Saturday, May 15, 2010

Born On This Day- May 15th... Photographer Richard Avedon

"All photographs are accurate. None of them is the truth."
Richard Avedon

Self Portrait

What do Jean Genet, Jimmy Durante, Brigitte Bardot, Georgia O’Keeffe, Jacques Cousteau, Andy Warhol, & Lena Horne have in common? They are just a few of the many personalities caught on film by photographer Richard Avedon. For 50+ years, Avedon’s portraits have filled the pages of the country’s best magazines. His stark imagery & brilliant insight into his subjects’ characters has made him one of the most important American portrait photographers.





I am a fan photography, with a special weakness for 20th century photographers. I find myself returning to various images over & over. I have always been captivated by Richard Avedon's ability to tell a story in a deceptively simple photo. I always wanted him to do the cover for my early album from 1970- Candy Coated Codine, Cognac, Consolation & Cowboys.


Avedon was among the first to challenge the conventional boundaries between studio photography & reportage. Some of his portraits: a young Bob Dylan standing in the rain, Marilyn Monroe caught in a vulnerable moment, Andy Warhol & his Factory crew, are the most iconic of the 20th century.




His daring style rejected conventional poses & instead captured both motion & emotion in the faces of his subjects, catching the intrigue in a single honest moment.


From his breakthrough Paris fashion work in the 1950s; his portrait of American counterculture in the 1960s & 1970s; his Reagan era series, with an emphasis on ordinary people living in the western United States; & his portraits of the nation's most influential people, his work live on.

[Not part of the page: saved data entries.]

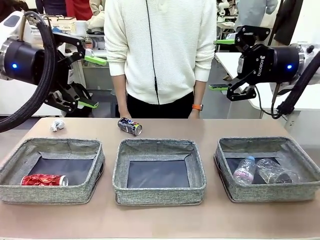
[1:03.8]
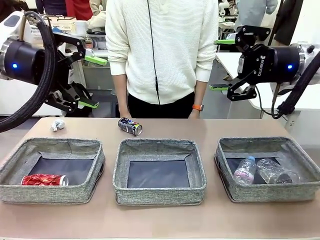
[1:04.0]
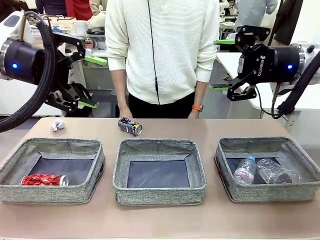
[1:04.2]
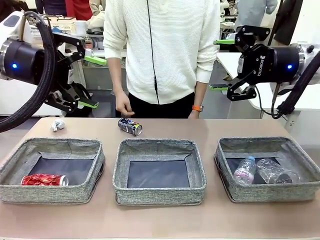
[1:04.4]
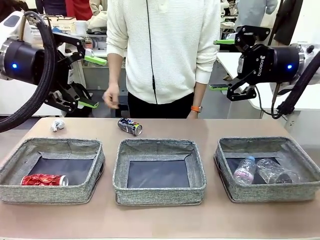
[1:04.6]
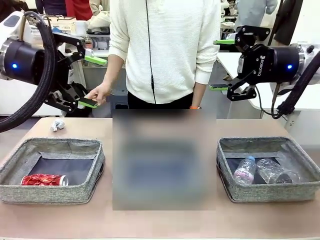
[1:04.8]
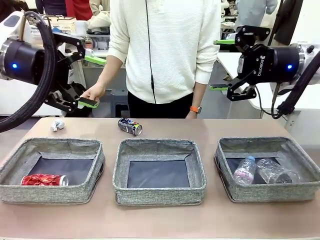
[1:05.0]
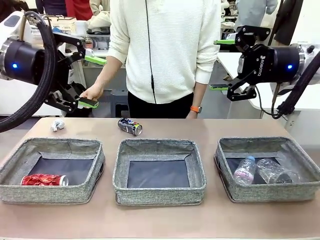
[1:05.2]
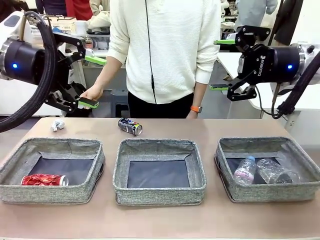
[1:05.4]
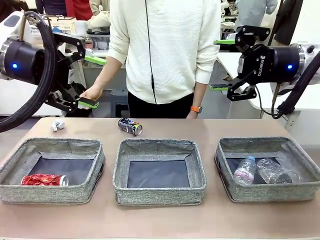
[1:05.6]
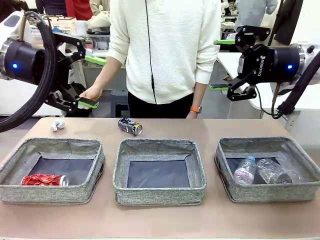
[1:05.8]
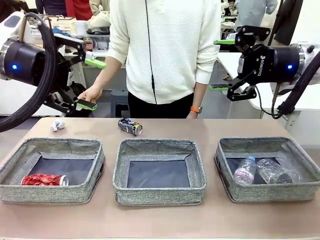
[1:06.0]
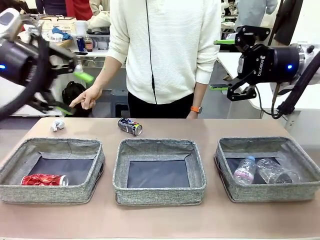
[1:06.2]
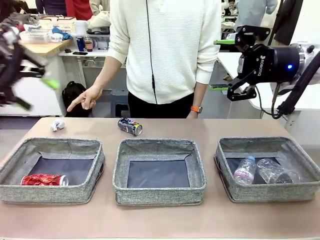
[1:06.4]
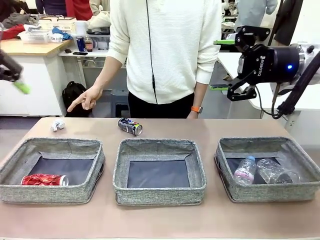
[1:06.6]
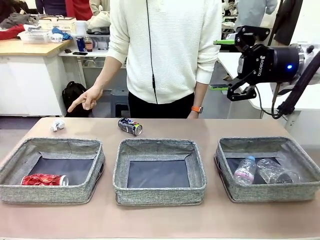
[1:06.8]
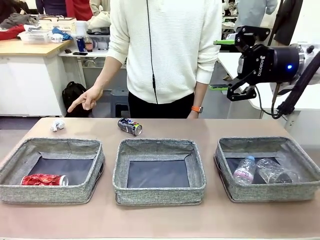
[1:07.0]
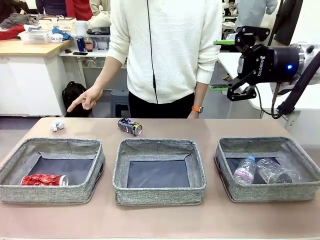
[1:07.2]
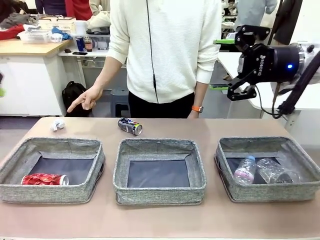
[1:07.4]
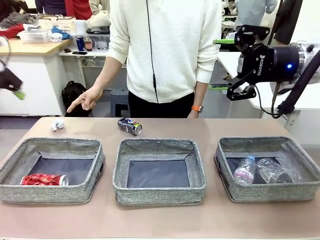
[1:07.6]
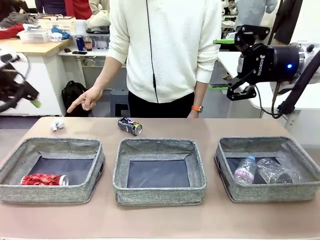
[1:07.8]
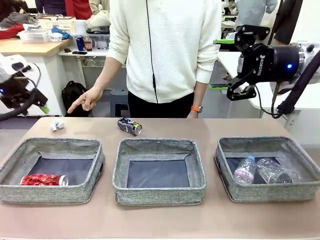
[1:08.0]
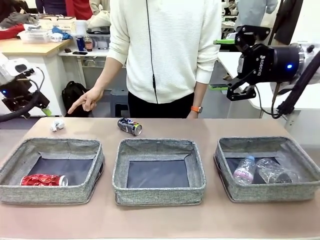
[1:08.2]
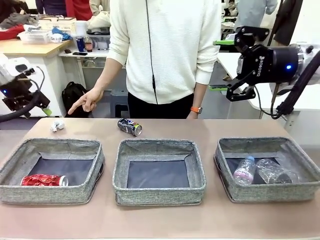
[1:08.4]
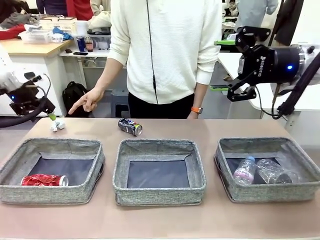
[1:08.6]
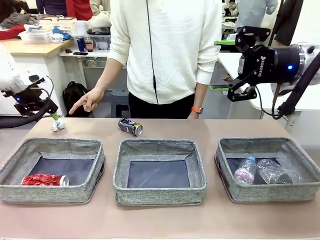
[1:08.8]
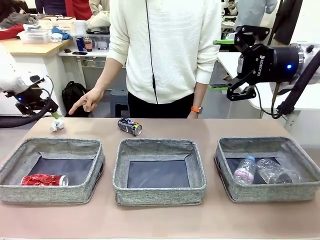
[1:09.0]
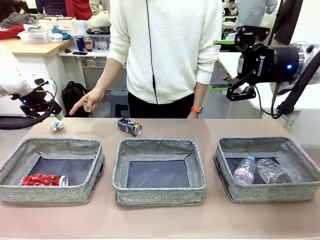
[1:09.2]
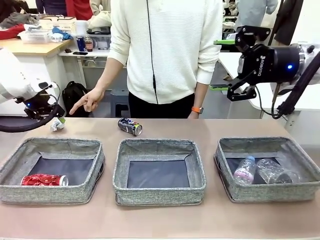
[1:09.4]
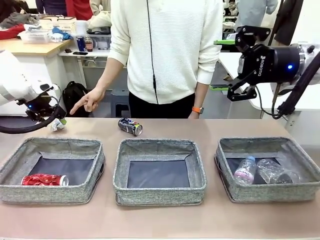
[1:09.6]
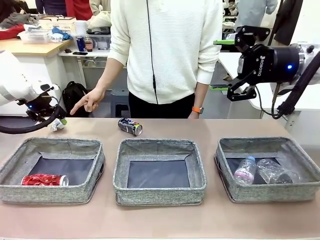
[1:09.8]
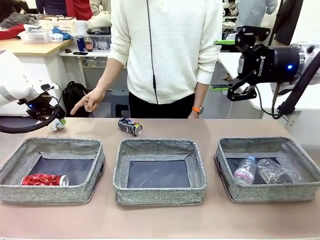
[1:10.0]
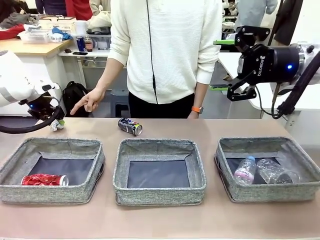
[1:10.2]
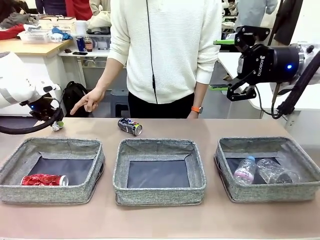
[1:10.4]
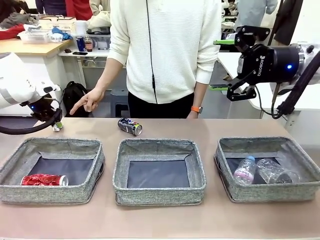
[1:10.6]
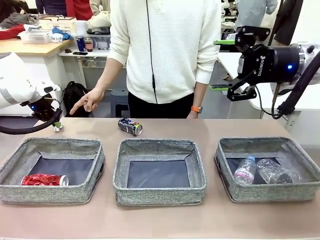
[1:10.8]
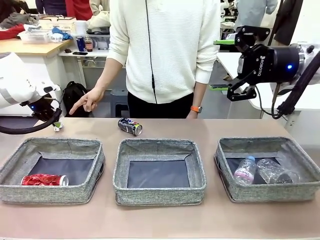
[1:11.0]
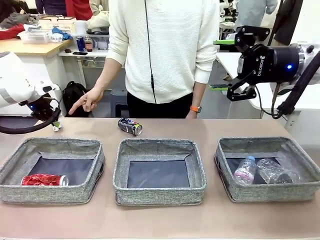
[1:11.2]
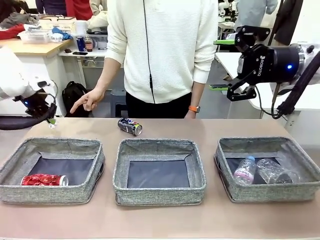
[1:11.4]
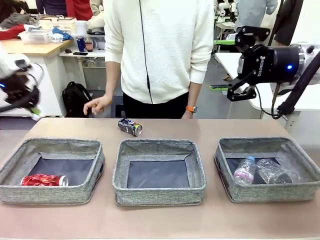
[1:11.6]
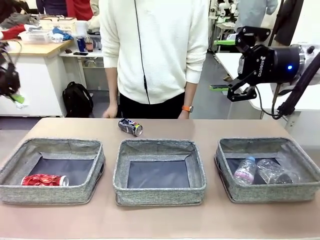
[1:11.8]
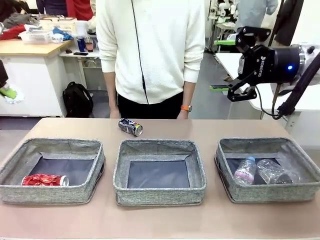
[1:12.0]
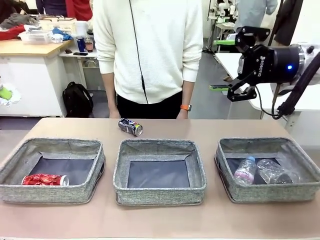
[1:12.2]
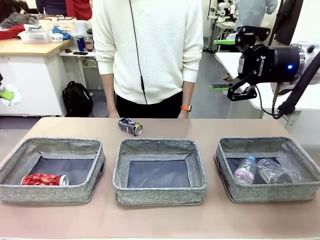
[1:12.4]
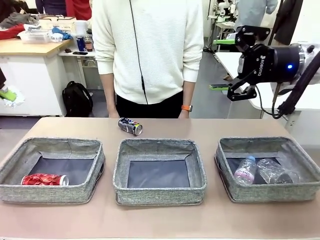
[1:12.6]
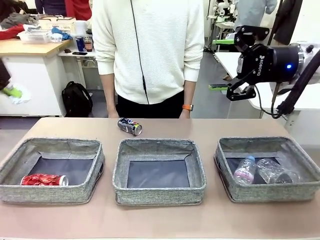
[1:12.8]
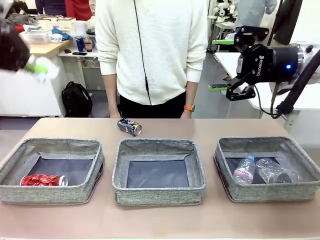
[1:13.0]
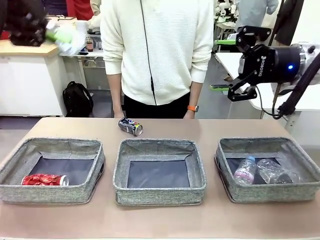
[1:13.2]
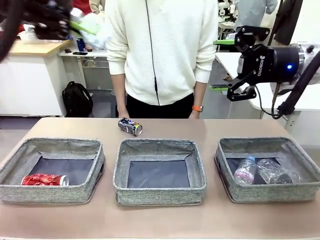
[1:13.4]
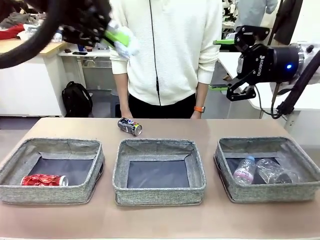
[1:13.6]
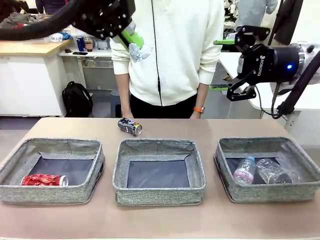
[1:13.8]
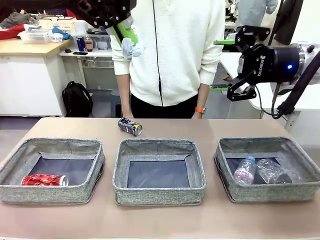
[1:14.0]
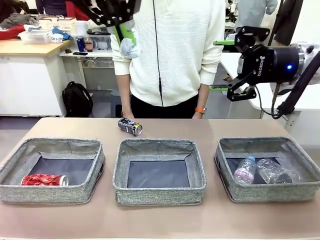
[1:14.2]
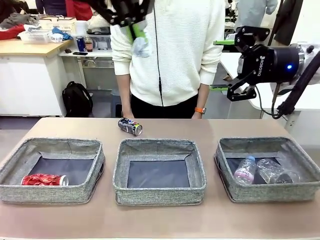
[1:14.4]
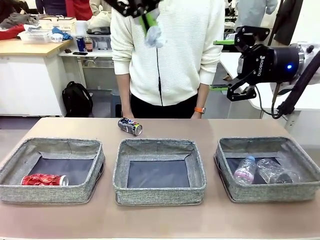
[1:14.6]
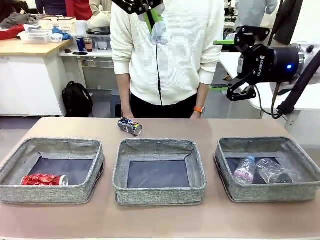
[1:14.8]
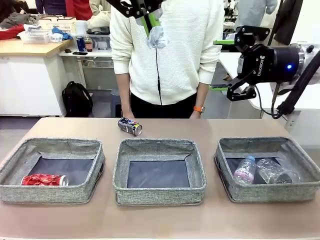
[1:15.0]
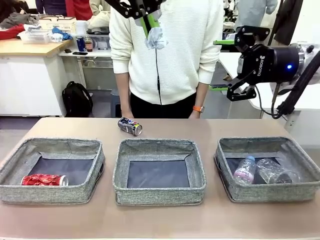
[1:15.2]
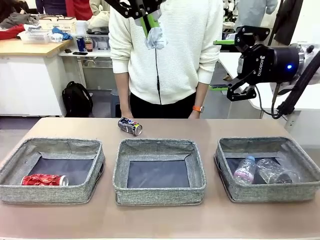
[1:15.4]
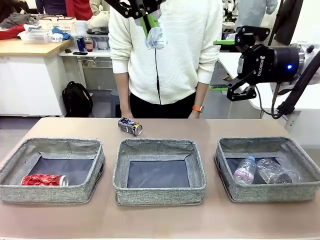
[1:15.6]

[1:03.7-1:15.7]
Robot: Pick up the waste item pointed out by the person.
Person: Points to one piece of trash on the table.

Along with his work in the magazine industry, Avedon has collaborated on a number of books of portraits. In 1959 he worked with Truman Capote on a book that documented some of the most famous & important people of the century. Observations included images of Buster Keaton, Gloria Vanderbilt, Pablo Picasso, Dr. J. Robert Oppenheimer, Frank Lloyd Wright, & Mae West.


In the early 1960s he began a series of images of patients in mental hospitals. Replacing the environment of the studio with that of the hospital ,he could recreate the genius of his other portraits with non-celebrities. The brutal reality of the lives of the insane was a bold contrast to his other work. In the 1980s & 1990s he would mover from his celebrity portraits to a series of studio images of drifters, carnival workers, & working class Americans.


Richard Avedon was born in 1923 in NYC to Russian Jewish parents; he died in 2004 of a cerebral hemorrhage in San Antonio, Texas, where he was on assignment for The New Yorker.